Threat Modelling: Consistently engaging in threat modelling exercises is crucial for uncovering potential vulnerabilities and attack paths, ultimately enabling developers to design more secure systems.
DevSecOps: Incorporating security into the DevOps process to ensure continuous security checks and balances throughout the software development lifecycle.
Collaboration and Communication
Cross-Functional Teams: Encouraging collaboration among development, security, and operations teams (DevSecOps) is crucial for enhancing security practices and achieving swift incident response times.
Clear Communication Channels: Establishing clear channels for reporting and communication channels can help ensure a coordinated and efficient response.
Security Training and Awareness: Regular training sessions on the latest security trends, threats, and best practices are vital for staying ahead in today’s ever-changing digital landscape.

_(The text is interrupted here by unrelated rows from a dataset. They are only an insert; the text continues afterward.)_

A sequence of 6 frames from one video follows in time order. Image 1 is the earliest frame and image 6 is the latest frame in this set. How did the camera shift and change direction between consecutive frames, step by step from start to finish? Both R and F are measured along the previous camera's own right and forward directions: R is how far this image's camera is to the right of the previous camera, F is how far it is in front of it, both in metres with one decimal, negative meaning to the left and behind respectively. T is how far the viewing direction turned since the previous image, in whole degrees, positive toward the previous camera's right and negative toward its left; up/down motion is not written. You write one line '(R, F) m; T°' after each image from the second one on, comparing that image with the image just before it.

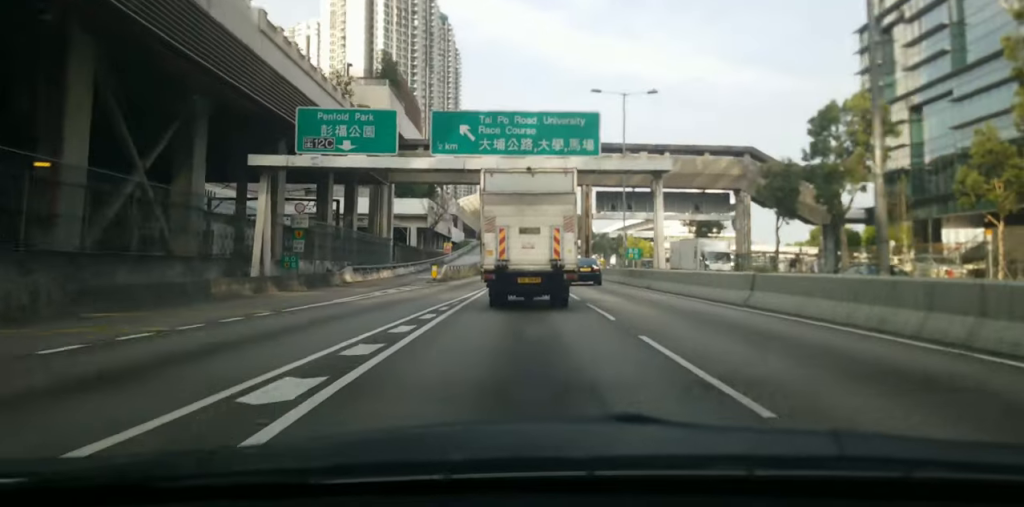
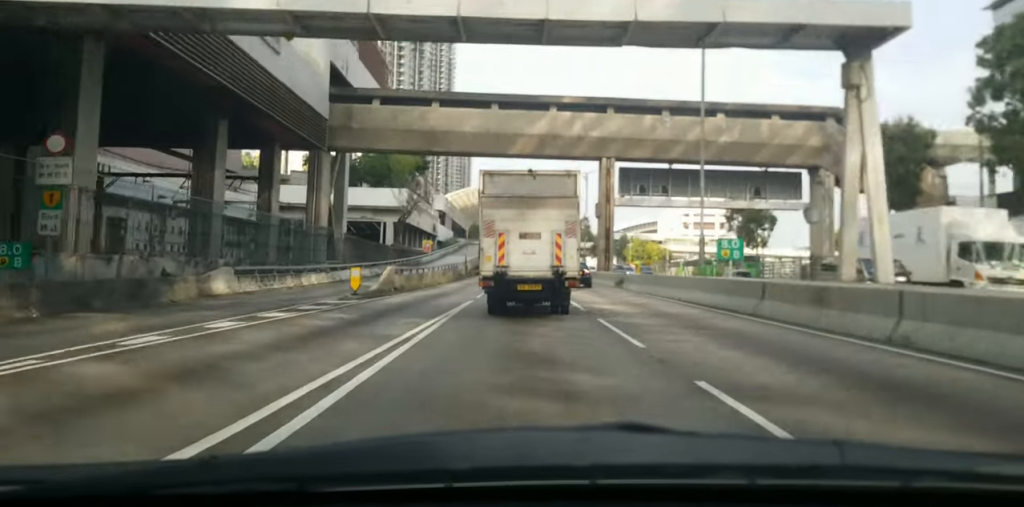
(+0.6, +23.3) m; +3°
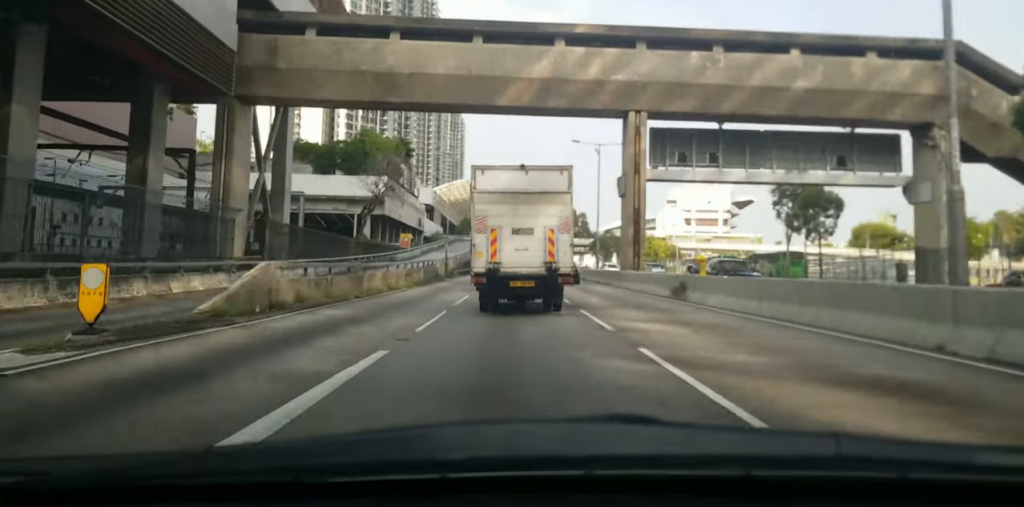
(+0.1, +16.6) m; -2°
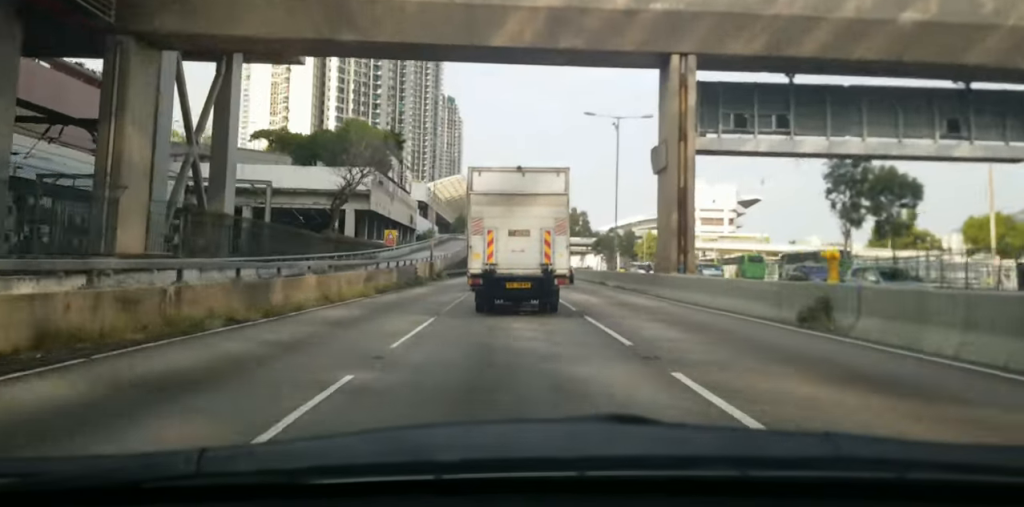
(-0.3, +11.7) m; -2°
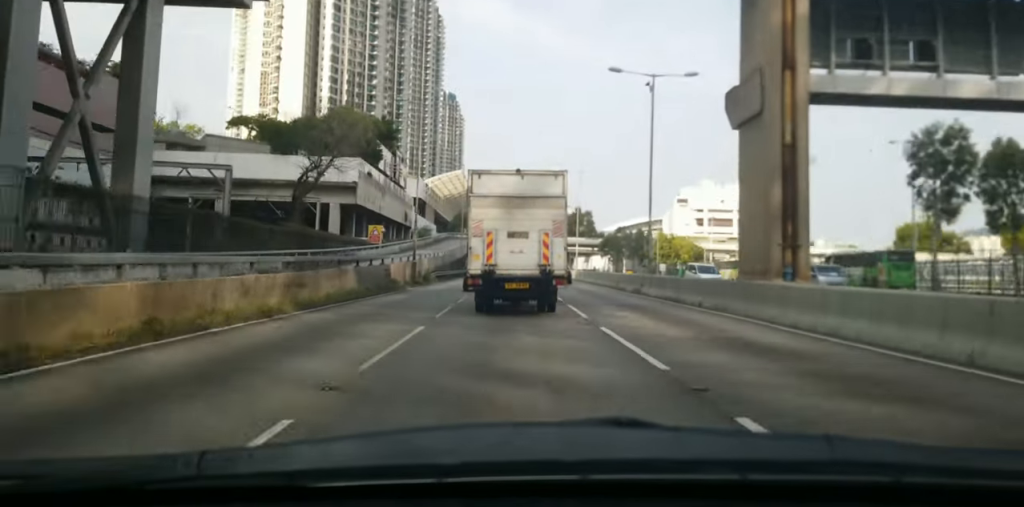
(-0.2, +11.0) m; -2°
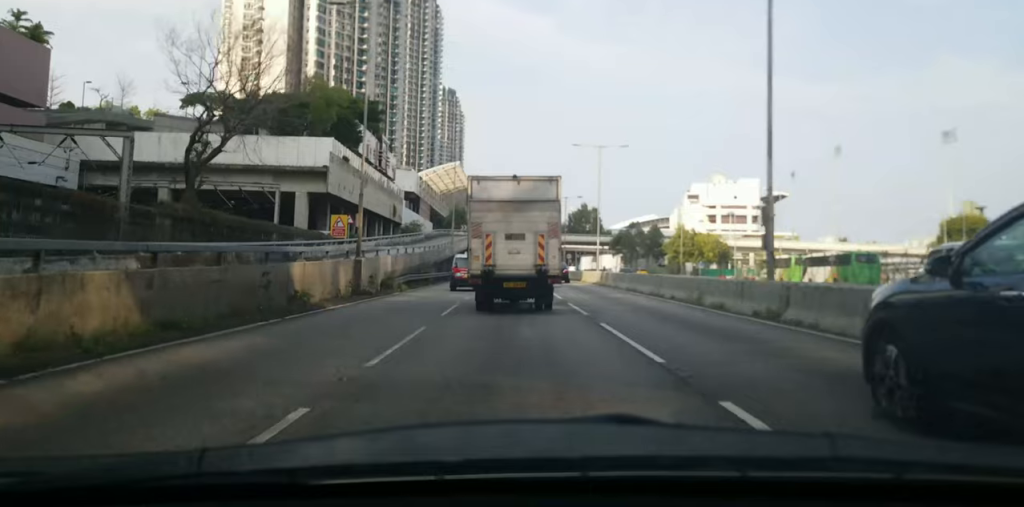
(-0.2, +17.7) m; +1°
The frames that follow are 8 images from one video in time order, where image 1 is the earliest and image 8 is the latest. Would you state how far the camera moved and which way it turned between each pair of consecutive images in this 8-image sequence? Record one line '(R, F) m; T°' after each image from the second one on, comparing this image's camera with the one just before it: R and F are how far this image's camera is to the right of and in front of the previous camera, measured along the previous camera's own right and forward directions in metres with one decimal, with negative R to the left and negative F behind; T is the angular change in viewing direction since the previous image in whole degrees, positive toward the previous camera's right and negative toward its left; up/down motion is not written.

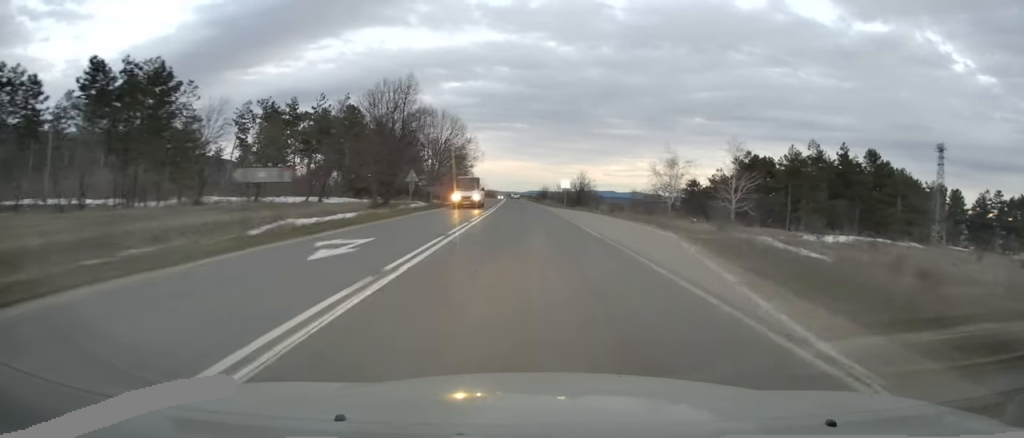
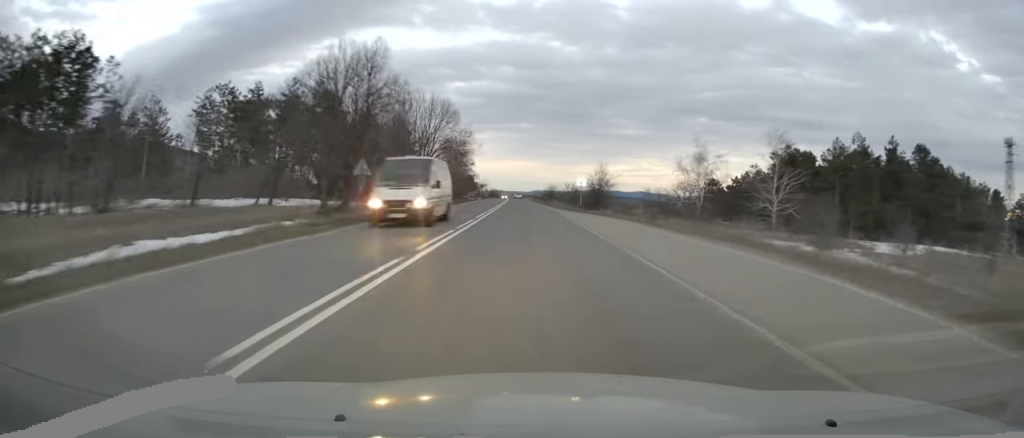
(0.0, +12.7) m; 0°
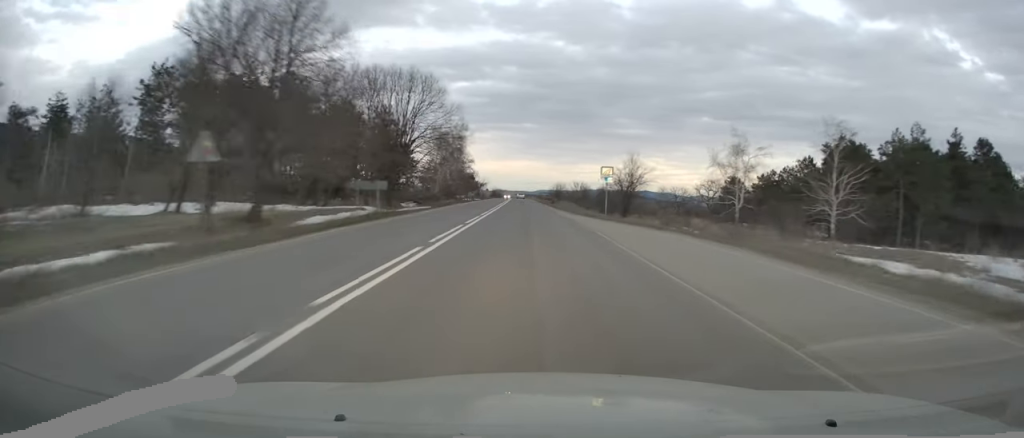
(+0.1, +13.5) m; 0°
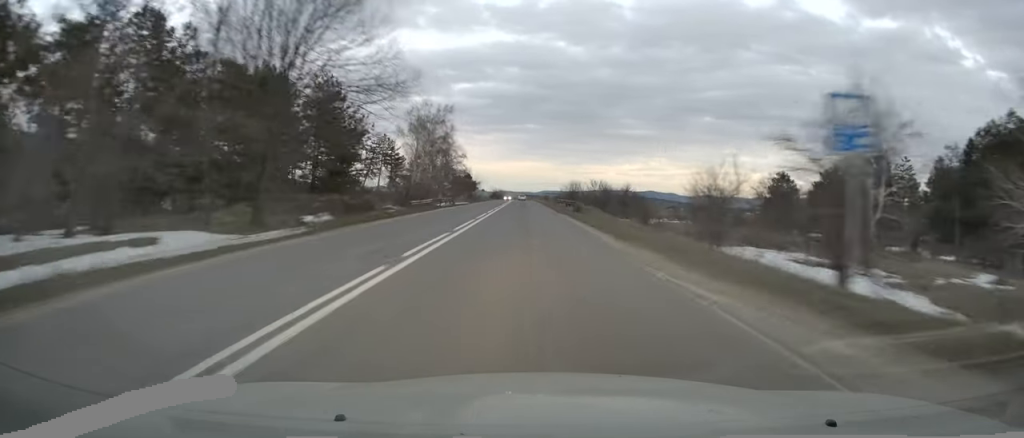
(-0.1, +26.3) m; 0°
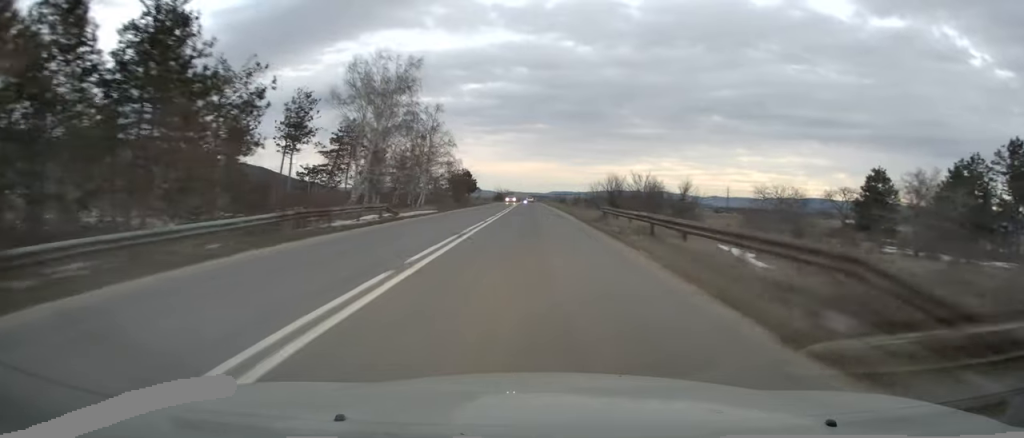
(-0.2, +31.3) m; -1°
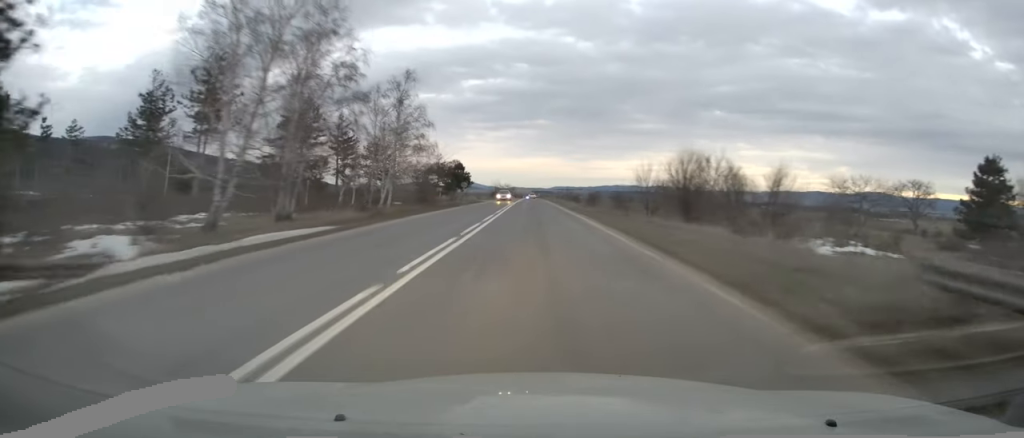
(-0.2, +24.0) m; 0°
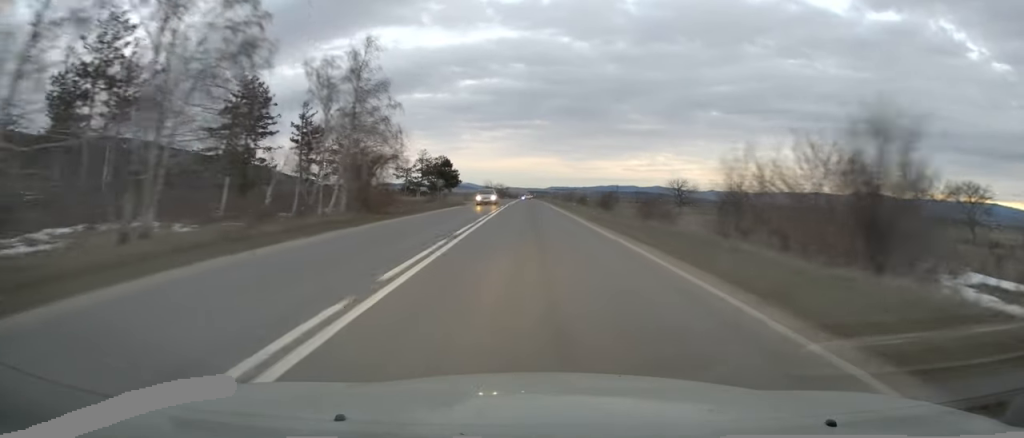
(+0.1, +16.1) m; 0°
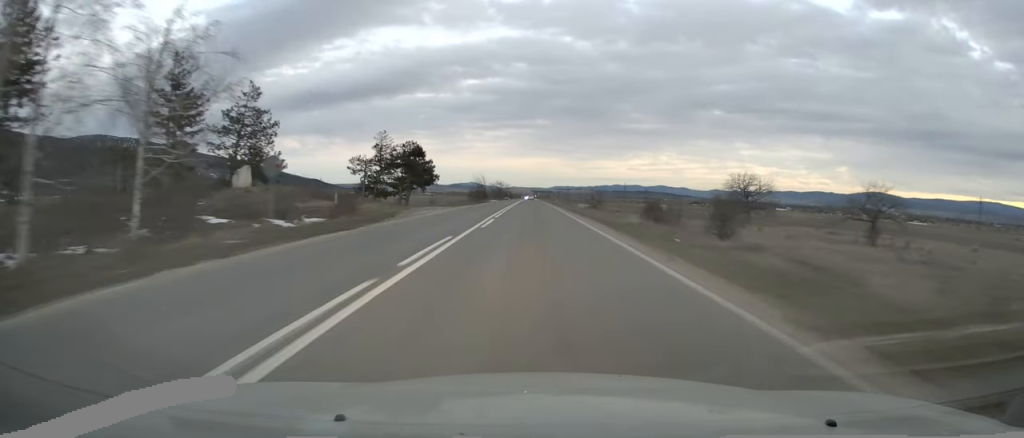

Developers recognise the need for ongoing education and understand the importance of staying updated on evolving security landscapes.
Impact on Development Speed
Balancing Security and Agility: Developers value security measures that are seamlessly integrated into the development cycle. This allows for efficient development without compromising on speed or agility. Implement security processes that strike a balance between robust protection and minimal disruption to the development workflow.
Early Involvement: It is crucial to incorporate security considerations from the outset of the development process to minimise extensive rework and delays in the future.
Importance of Incident Detection and Response
Preparedness for Security Incidents: Developers should recognise the need for a robust incident response plan to quickly and effectively address security breaches. They should also ensure that their applications and systems can log security events and generate alerts for suspicious activities.
Swift Incident Response: It is important to have a well-defined incident response plan in place. It is crucial for developers to be well-versed in the necessary steps to take when they detect a security breach, including containment, eradication, and recovery procedures.
5. Supply Chain Security and Patch Management
Third-Party Risks and Software Integrity: Developers must diligently vet and update third-party components. To effectively prevent the introduction of malicious code, robust measures must be implemented to verify software integrity and updates. This includes mandating cryptographic signing for all software releases and updates.
Timely and bug-free Updates: It is essential to ensure that all software components, including third-party libraries, are promptly updated with the latest security patches. Developers must establish a robust process to track, test, and apply these updates without delay.
Automated Patch Deployment: Automating the patch management process can reduce the risk of human error and ensure that updates are applied consistently across all systems.
Continuous Improvement
Regular Security Audits: Regular security audits and assessments effectively identify and address vulnerabilities before they can be exploited.
Feedback Loops: Integrating feedback loops to analyse past incidents and strengthen security practices can significantly elevate the overall security posture over time.
In conclusion, the recent IT outage resulting from the CrowdStrike incident unequivocally emphasizes the critical need for robust cybersecurity in software development. Implementing secure coding practices, fostering collaboration between development, security, and operations teams, and giving paramount importance to proactive incident response and patch management can undeniably elevate system security. Regular security audits and continuous improvement are imperative to stay ahead in the ever-evolving digital landscape. Looking ahead, the insights drawn from this incident should galvanise a unified effort to seamlessly integrate security into the software development lifecycle, thereby ensuring the resilience and reliability of digital systems against emerging threats.